Meaning, it observed the service creation when it happened, but the next time it tried to do anything with the service was 25 seconds after the service got marked idle (and 6 seconds after the test case gave up and started deleting things).


The sdn logs show:

  I0512 20:30:39.055739    1715 service.go:301] Service e2e-test-cli-idling-58bcz/idling-echo updated: 2 ports

  ...

  I0512 20:31:23.814243    1715 service.go:301] Service e2e-test-cli-idling-58bcz/idling-echo updated: 0 ports

So, it doesn't see the endpoints being deleted until the e2e test cleans up the test namespace, which matches what we saw in the openshift-controller-manager logs: OCM never idled the service.

---

So it appears that the problem is that openshift-controller-manager is never actually idling the service. There is another test that waits for the service to become fully-idled before it starts trying to connect ("Unidling should work with TCP (when fully idled)"). The test that is failing here ("Unidling should work with TCP (while idling)") is testing that if connections come up during the process of idling the service, that it still comes back up cleanly. Given that this test is failing and the other one is not, I guess the problem is that something has made openshift-controller-manager slower to respond, and so now the amount of time it takes it to respond to an idling request is longer than 15 seconds, and this test doesn't deal with that possibility. (Whereas the other test calls exutil.WaitForNoPodsRunning() which will wait up to 3 minutes.)
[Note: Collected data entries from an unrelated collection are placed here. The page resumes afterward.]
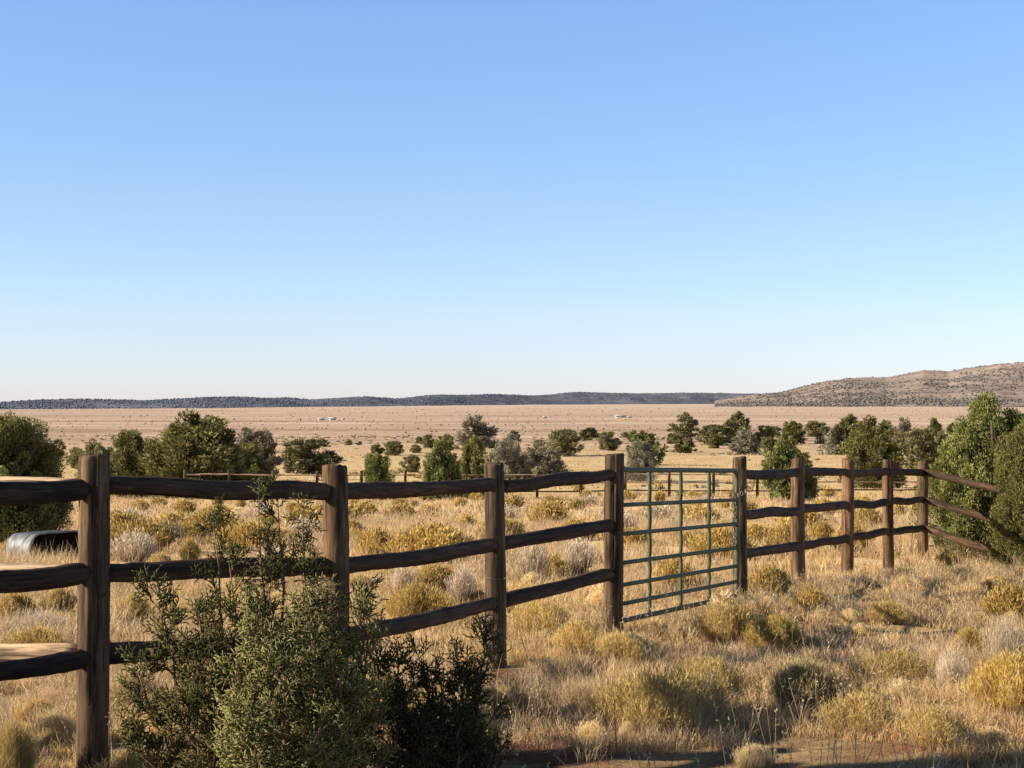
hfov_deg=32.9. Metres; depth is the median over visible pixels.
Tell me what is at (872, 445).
juniper tree
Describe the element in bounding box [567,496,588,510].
rabbitbrush
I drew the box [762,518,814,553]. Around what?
rabbitbrush
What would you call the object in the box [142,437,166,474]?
juniper tree
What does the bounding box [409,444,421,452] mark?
juniper bush
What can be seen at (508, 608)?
grass clump
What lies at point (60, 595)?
rabbitbrush
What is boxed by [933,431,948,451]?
juniper bush
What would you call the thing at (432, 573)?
rabbitbrush
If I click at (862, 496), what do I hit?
rabbitbrush
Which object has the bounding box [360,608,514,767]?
juniper shrub
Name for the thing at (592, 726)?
grass clump
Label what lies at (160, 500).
rabbitbrush
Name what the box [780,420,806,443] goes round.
juniper tree
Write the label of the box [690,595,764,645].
rabbitbrush
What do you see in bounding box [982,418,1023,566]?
juniper tree
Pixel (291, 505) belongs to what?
rabbitbrush
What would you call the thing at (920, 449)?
juniper tree
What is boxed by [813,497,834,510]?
rabbitbrush
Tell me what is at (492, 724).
rabbitbrush
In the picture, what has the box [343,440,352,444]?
juniper bush
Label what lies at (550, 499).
rabbitbrush
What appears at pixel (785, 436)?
juniper bush
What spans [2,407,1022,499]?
sagebrush
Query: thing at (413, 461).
juniper bush
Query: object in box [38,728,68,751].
rabbitbrush
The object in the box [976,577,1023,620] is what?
rabbitbrush
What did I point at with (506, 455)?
sage bush
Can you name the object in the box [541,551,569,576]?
rabbitbrush
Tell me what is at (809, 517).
rabbitbrush
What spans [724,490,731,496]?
rabbitbrush
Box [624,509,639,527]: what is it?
dead shrub
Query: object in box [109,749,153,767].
rabbitbrush
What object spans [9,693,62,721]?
rabbitbrush
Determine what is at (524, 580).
grass clump
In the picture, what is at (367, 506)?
rabbitbrush
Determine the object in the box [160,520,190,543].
dead shrub
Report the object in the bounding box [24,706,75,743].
grass clump
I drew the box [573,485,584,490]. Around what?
rabbitbrush
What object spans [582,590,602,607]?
grass clump
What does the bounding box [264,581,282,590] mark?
rabbitbrush
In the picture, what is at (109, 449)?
juniper bush
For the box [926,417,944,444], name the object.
juniper tree
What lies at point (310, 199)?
sky
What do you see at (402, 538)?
rabbitbrush
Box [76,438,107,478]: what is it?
juniper tree
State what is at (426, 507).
rabbitbrush
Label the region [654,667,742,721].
rabbitbrush
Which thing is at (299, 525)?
dead shrub
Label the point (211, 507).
rabbitbrush
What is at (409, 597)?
rabbitbrush
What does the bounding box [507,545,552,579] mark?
dead shrub
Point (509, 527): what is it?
rabbitbrush
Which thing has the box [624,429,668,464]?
juniper tree
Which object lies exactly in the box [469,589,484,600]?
rabbitbrush
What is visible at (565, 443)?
juniper tree
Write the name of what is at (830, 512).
rabbitbrush
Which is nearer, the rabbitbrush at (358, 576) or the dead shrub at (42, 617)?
the dead shrub at (42, 617)
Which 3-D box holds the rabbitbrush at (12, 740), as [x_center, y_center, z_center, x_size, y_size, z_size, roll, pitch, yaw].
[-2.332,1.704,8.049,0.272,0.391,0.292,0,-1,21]
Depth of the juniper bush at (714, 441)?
333.96 m
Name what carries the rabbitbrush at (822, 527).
on the ground at (116, 424)
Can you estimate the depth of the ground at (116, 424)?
327.19 m
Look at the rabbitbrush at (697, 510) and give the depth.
41.16 m
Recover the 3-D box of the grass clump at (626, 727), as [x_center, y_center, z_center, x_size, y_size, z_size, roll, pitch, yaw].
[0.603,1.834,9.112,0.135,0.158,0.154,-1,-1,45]
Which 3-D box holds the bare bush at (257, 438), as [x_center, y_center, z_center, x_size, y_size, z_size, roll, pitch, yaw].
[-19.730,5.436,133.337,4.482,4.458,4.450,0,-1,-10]
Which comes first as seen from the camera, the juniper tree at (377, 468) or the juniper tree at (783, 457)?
the juniper tree at (783, 457)
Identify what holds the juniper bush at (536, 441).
on the ground at (116, 424)
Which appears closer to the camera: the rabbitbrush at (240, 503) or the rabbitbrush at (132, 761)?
the rabbitbrush at (132, 761)
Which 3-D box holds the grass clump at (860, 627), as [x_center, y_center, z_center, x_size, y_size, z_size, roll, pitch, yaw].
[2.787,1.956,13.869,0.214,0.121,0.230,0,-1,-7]
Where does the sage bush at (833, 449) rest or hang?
on the ground at (116, 424)
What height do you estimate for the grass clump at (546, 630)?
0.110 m
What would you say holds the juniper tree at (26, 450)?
on the ground at (116, 424)
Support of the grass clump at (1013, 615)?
on the ground at (116, 424)
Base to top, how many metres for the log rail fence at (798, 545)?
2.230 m
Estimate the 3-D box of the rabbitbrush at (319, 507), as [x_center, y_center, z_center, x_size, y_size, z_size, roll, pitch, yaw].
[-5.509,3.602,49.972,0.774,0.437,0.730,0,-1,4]
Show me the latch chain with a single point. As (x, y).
(735, 511)
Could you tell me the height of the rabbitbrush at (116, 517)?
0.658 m
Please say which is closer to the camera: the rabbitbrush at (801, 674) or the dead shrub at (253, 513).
the rabbitbrush at (801, 674)
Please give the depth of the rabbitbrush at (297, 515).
41.37 m
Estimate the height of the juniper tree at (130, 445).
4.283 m
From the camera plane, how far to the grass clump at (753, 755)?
8.46 m
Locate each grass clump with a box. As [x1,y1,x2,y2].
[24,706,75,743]
[109,663,167,706]
[135,712,164,723]
[187,584,204,594]
[268,588,297,604]
[506,605,516,613]
[517,572,544,586]
[537,628,551,636]
[554,699,587,720]
[565,717,613,750]
[579,602,594,612]
[582,567,595,573]
[582,583,602,594]
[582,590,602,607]
[617,719,637,743]
[624,630,664,652]
[700,572,717,577]
[707,590,740,608]
[730,741,778,767]
[759,594,782,604]
[837,607,860,624]
[846,622,869,634]
[882,678,923,704]
[891,575,915,588]
[943,563,962,569]
[978,725,1012,745]
[996,609,1022,625]
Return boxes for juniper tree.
[0,410,74,544]
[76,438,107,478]
[110,428,155,498]
[135,408,257,498]
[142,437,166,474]
[238,442,273,480]
[279,437,342,473]
[362,451,395,500]
[422,437,467,500]
[451,413,499,449]
[457,435,491,498]
[547,427,583,456]
[579,427,599,440]
[598,431,621,450]
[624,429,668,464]
[666,411,700,436]
[669,431,697,452]
[694,424,734,445]
[722,410,751,440]
[755,425,775,443]
[757,437,777,454]
[760,435,823,501]
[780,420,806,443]
[802,420,830,436]
[828,413,858,453]
[836,414,908,488]
[903,427,941,469]
[908,390,1023,557]
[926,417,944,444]
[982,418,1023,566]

We can make the test run longer, which will probably fix this. But this raises the question of why openshift-controller-manager has become slow and if this is hinting at some other bug there? 25 seconds to respond to an annotation change seems excessive in an e2e-sized cluster.

Comment 4 jamo luhrsen 2022-05-18 15:17:16 UTC

This test was skipped in 4.10 and higher, as it was flaking and failing and no fix was
being worked on, afaik. We missed skipping it in 4.9, so that was just done with this
PR [0] from @sdodson

I'm not the right person to actually fix the bug that causes this to flake or
fail though.

[0] https://github.com/openshift/origin/pull/27150

Comment 5 ffernand 2022-05-23 13:38:01 UTC

Moving this bz to ocp controller manager for follow up.
Flaky test is now skipped in 4.9, so maybe this is no longer an urgent issue.